Makenzie Huber/South Dakota Searchlight
U.S. Sen. Mike Rounds, R-South Dakota, is confident that bipartisan legislation to help low-income Native Americans obtain home mortgages on tribal land will win approval from Congress.
The U.S. Department of Agriculture offers low-interest housing loans to low-income rural Americans, often without private mortgage insurance or a down payment. But the department struggled for years to distribute its rural housing loans to Native Americans on tribal trust lands.
Trust lands are held by the federal government for tribes and tribal members, making mortgages on trust land more complex and less appealing to traditional banks.
That’s where Native Community Development Financial Institutions come in. The institutions represent rural reservation and urban Native communities, and are better able to navigate lending on trust land for the USDA program and other housing loans while also investing more time in their communities through financial and homebuyer education.
The USDA expanded its rural housing relending program to include Native institutions in 2018, starting with a pilot program on the Pine Ridge and Cheyenne River reservations. Since then, the program has expanded to 10 states with over $20.1 million loaned to Native organizations.
The bill, introduced by Minnesota’s Democratic Sen. Tina Smith and cosponsored by Rounds, would set aside $50 million annually within the USDA’s relending program for Native financial institutions and homebuyers.
Rounds said Native institutions on Pine Ridge and Cheyenne River made the pilot program a “real success.”
“They knew the right people to go to, they knew how to have that happen,” Rounds told South Dakota Searchlight after a recent appearance at the Downtown Sioux Falls Rotary Club. “And what we found was that once it had occurred there, it was repeatable elsewhere.”
Nikki Gronli, state director of USDA Rural Development, said the bipartisan bill will solidify the program and support her office’s mission to make “thriving, economically sustainable communities.”
“We all know that when it comes to economic development and generational wealth, owning a home is very important,” Gronli said. “Economically, we know over time this builds a stronger community.”
She added some homes purchased through the program are constructed through the Governor’s House program.
Cheyenne River’s Four Bands Community Fund and Pine Ridge’s Mazaska Owescaso Otipi Financial have received a combined $7.1 million from the program and have made a combined total of 24 loans.
“People want to get out of rentals, create assets, have something to pass down,” said Lakota Vogel, executive director of Four Bands.
Vogel wants to buck the stereotype that low homeownership rates on reservations are because of poor credit scores or because community members don’t make enough income to support a mortgage.
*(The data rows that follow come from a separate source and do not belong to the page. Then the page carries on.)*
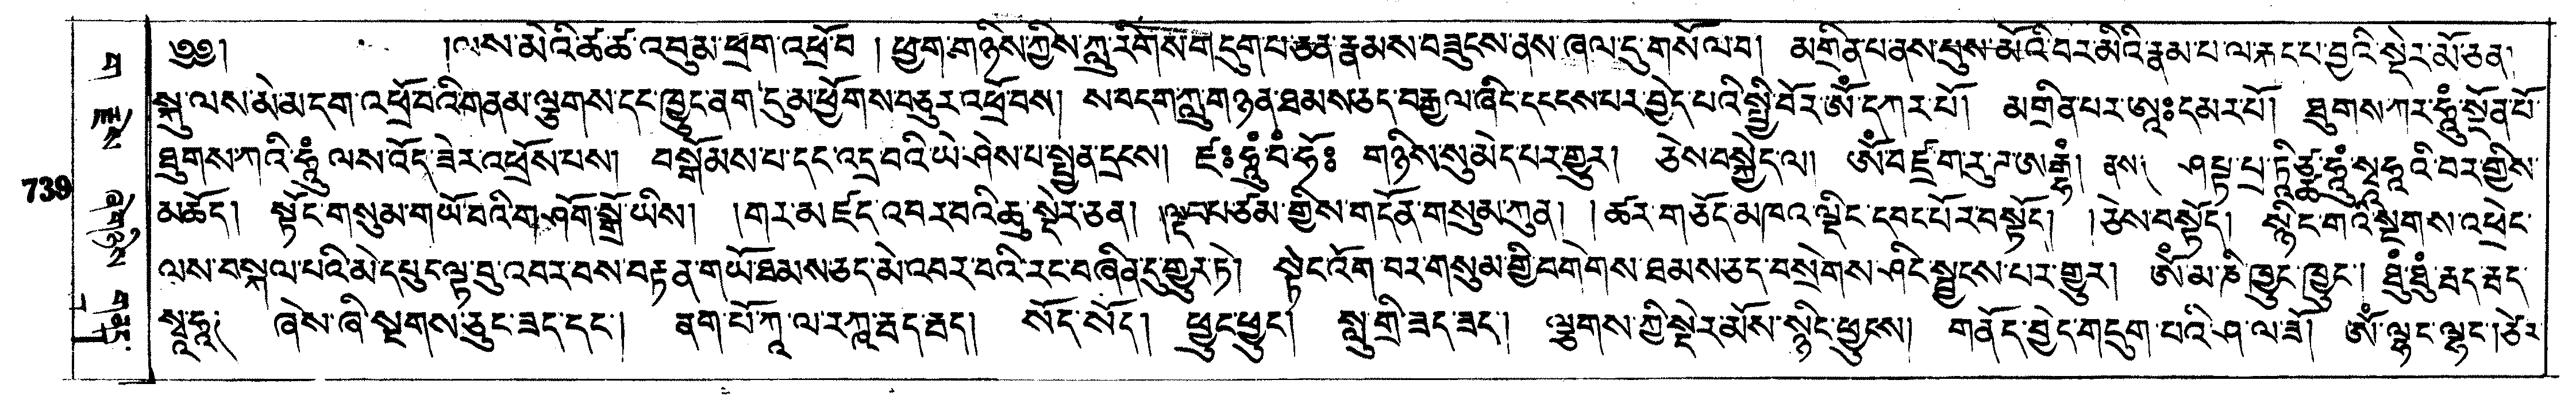༄༅། །ལས་མེའི་ཚ་ཚ་འབུམ་ཕྲག་འཕྲོ་བ། ཕྱག་གཉིས་ཀྱིས་ཀླུ་རིགས་གདུག་པ་ཅན་རྣམས་བཟུངས་ནས་ཞལ་དུ་གསོལ་བ། མགྲིན་པ་ནས་ཕུས་མོའི་བར་མིའི་རྣམ་པ་ལ་རྐད་པ་བྱའི་སྡེར་མོ་ཅན།
སྐུ་ལས་མེ་མདག་འཕྲོ་བའི་གནམ་ལྕགས་དང་ཁྱུང་ནག་དུ་མ་ཕྱོགས་བཅུར་འཕྲོ་བས། ས་བདག་ཀླུ་གཉན་ཐམས་ཅད་བརྒྱལ་ཞིང་དང་ངས་པར་བྱེད་པའི་སྤྱི་བོར་ཨོཾ་དཀར་པོ། མགྲིན་པར་ཨཱཿ དམར་པོ། ཐུགས་ཀར་ཧཱུཾ་སྔོན་པོ་
ཐུགས་ཀའི་ཧཱུཾ་ལས་འོད་ཟེར་འཕྲོས་པས། བསྒོམས་པ་དང་འདྲ་བའི་ཡེ་ཤེས་པ་སྤྱན་དྲངས། ཛཿ ཧཱུཾ་བཾ་ཧོཿ གཉིས་སུ་མེད་པར་གྱུར། ཅེས་བསྐྱེད་ལ། ཨོཾ་བཛྲ་ག་རུ་ཌ་ཨརྒྷམ། ནས༑ ཤཔྟ་པྲ་ཏཱི་ཙྪ་ཧཱུཾ་སྭཱཧཱའི་བར་གྱིས་
མཆོད། སྟོང་གསུམ་གཡོ་བའི་གཤོག་སྒྲོ་ཡིས། །གར་མཛད་འབར་བའི་ཆུ་སྡེར་ཅན། །ལྡབ་པ་ཙམག་ཡིས་གདོན་གསུམ་ཀུན། །ཚར་གཅོད་མཁའ་ལྡིང་དབང་པོར་བསྟོད། །ཅེས་བསྟོད། སྙིང་གའི་སྔགས་འཕྲེང་
ལས་བསྐལ་པའི་མེ་དཔུང་ལྟ་བུ་འབར་བས་བརྟན་གཡོ་ཐམས་ཅད་མེ་འབར་བའི་རང་བཞིན་དུ་གྱུར་ཏེ། སྟེང་འོག་བར་གསུམ་གྱི་བགེགས་ཐམས་ཅད་བསྲེགས་ཤིང་སྦྱངས་པར་གྱུར། ཨོཾ་མ་ཎི་ཁྱུང་ཁྱུང་། ཐུཾ་ཐུཾ་རྦད་རྦད་
སྭཱ་ཧཱཿ ཞེས་ཞི་སྔགས་ཅུང་ཟད་དང་། ནག་པོ་ཀཱ་ལ་རཀྵ་རྦད་རྦད། སོད་སོད། ཕྱུང་ཕྱུང་། སླུ་གྲི་ཟད་ཟང་། ལྕགས་ཀྱི་སྡེར་མོས་སྙིང་ཕྱུངས། གནོད་བྱེད་གདུག་པའི་ཤ་ལ་ཟོ། ཨོཾ་ལྷང་ལྷང་། ཙེར་

Even people who who can afford private mortgages struggle to obtain them, she said, because of systemic problems that make it more complex and burdensome to leverage private wealth on trust land.
“There’s been misinformation in the financing world that you can’t collateralize trust land. I’ve seen it written in papers and listened to bankers say it, and it’s just not true,” Vogel said.
While Vogel sees a permanently funded program as a “win-win” for Native communities and the federal government, she said rising housing costs have made it more difficult for the program to help qualifying people.
The legislation awaits action by the Senate Committee on Banking, Housing and Urban Affairs, which includes Rounds and Smith as members.